# TASK
All the data below should be printed again without a single difference.
━━━ DATA FOR PROCESSING
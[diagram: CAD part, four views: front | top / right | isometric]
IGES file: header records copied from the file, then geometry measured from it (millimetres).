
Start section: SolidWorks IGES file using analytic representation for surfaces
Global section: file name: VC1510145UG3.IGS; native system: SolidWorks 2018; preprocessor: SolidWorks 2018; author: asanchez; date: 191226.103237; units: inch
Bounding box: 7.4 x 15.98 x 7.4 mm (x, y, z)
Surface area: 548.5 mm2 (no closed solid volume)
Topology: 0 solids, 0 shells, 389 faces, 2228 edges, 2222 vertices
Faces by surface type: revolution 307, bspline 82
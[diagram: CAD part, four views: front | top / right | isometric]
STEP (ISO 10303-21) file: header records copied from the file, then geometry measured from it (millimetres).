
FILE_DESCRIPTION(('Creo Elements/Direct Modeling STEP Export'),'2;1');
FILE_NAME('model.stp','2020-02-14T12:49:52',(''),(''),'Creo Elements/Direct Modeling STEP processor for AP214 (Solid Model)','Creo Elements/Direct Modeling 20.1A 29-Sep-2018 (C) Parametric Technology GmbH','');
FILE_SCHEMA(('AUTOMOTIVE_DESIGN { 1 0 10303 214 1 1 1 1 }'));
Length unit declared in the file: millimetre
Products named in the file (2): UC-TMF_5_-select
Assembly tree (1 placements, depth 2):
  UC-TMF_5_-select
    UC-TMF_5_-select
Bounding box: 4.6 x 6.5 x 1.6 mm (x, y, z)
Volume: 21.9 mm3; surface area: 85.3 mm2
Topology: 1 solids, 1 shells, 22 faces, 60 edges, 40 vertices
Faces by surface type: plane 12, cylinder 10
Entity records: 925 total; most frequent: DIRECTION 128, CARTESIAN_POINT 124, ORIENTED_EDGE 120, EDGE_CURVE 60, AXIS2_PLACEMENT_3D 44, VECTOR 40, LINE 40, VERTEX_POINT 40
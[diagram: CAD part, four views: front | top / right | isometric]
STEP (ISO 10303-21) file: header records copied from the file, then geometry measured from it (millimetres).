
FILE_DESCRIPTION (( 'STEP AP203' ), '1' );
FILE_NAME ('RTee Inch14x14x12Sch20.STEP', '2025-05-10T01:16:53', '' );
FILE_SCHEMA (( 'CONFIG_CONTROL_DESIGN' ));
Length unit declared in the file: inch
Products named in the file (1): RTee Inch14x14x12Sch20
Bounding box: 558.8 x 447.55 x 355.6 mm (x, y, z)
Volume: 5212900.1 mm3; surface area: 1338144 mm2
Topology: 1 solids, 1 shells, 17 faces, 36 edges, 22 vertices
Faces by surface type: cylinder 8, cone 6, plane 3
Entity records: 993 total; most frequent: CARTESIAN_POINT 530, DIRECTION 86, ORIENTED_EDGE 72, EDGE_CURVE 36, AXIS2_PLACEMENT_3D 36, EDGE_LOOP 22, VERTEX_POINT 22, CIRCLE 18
━━━━━━
# RESULT OF THE TASK
[diagram: CAD part, four views: front | top / right | isometric]
IGES file: header records copied from the file, then geometry measured from it (millimetres).
Start section: SolidWorks IGES file using analytic representation for surfaces
Global section: file name: VC1510145UG3.IGS; native system: SolidWorks 2018; preprocessor: SolidWorks 2018; author: asanchez; date: 191226.103237; units: inch
Bounding box: 7.4 x 15.98 x 7.4 mm (x, y, z)
Surface area: 548.5 mm2 (no closed solid volume)
Topology: 0 solids, 0 shells, 389 faces, 2228 edges, 2222 vertices
Faces by surface type: revolution 307, bspline 82
[diagram: CAD part, four views: front | top / right | isometric]
STEP (ISO 10303-21) file: header records copied from the file, then geometry measured from it (millimetres).
FILE_DESCRIPTION(('Creo Elements/Direct Modeling STEP Export'),'2;1');
FILE_NAME('model.stp','2020-02-14T12:49:52',(''),(''),'Creo Elements/Direct Modeling STEP processor for AP214 (Solid Model)','Creo Elements/Direct Modeling 20.1A 29-Sep-2018 (C) Parametric Technology GmbH','');
FILE_SCHEMA(('AUTOMOTIVE_DESIGN { 1 0 10303 214 1 1 1 1 }'));
Length unit declared in the file: millimetre
Products named in the file (2): UC-TMF_5_-select
Assembly tree (1 placements, depth 2):
  UC-TMF_5_-select
    UC-TMF_5_-select
Bounding box: 4.6 x 6.5 x 1.6 mm (x, y, z)
Volume: 21.9 mm3; surface area: 85.3 mm2
Topology: 1 solids, 1 shells, 22 faces, 60 edges, 40 vertices
Faces by surface type: plane 12, cylinder 10
Entity records: 925 total; most frequent: DIRECTION 128, CARTESIAN_POINT 124, ORIENTED_EDGE 120, EDGE_CURVE 60, AXIS2_PLACEMENT_3D 44, VECTOR 40, LINE 40, VERTEX_POINT 40
[diagram: CAD part, four views: front | top / right | isometric]
STEP (ISO 10303-21) file: header records copied from the file, then geometry measured from it (millimetres).
FILE_DESCRIPTION (( 'STEP AP203' ), '1' );
FILE_NAME ('RTee Inch14x14x12Sch20.STEP', '2025-05-10T01:16:53', '' );
FILE_SCHEMA (( 'CONFIG_CONTROL_DESIGN' ));
Length unit declared in the file: inch
Products named in the file (1): RTee Inch14x14x12Sch20
Bounding box: 558.8 x 447.55 x 355.6 mm (x, y, z)
Volume: 5212900.1 mm3; surface area: 1338144 mm2
Topology: 1 solids, 1 shells, 17 faces, 36 edges, 22 vertices
Faces by surface type: cylinder 8, cone 6, plane 3
Entity records: 993 total; most frequent: CARTESIAN_POINT 530, DIRECTION 86, ORIENTED_EDGE 72, EDGE_CURVE 36, AXIS2_PLACEMENT_3D 36, EDGE_LOOP 22, VERTEX_POINT 22, CIRCLE 18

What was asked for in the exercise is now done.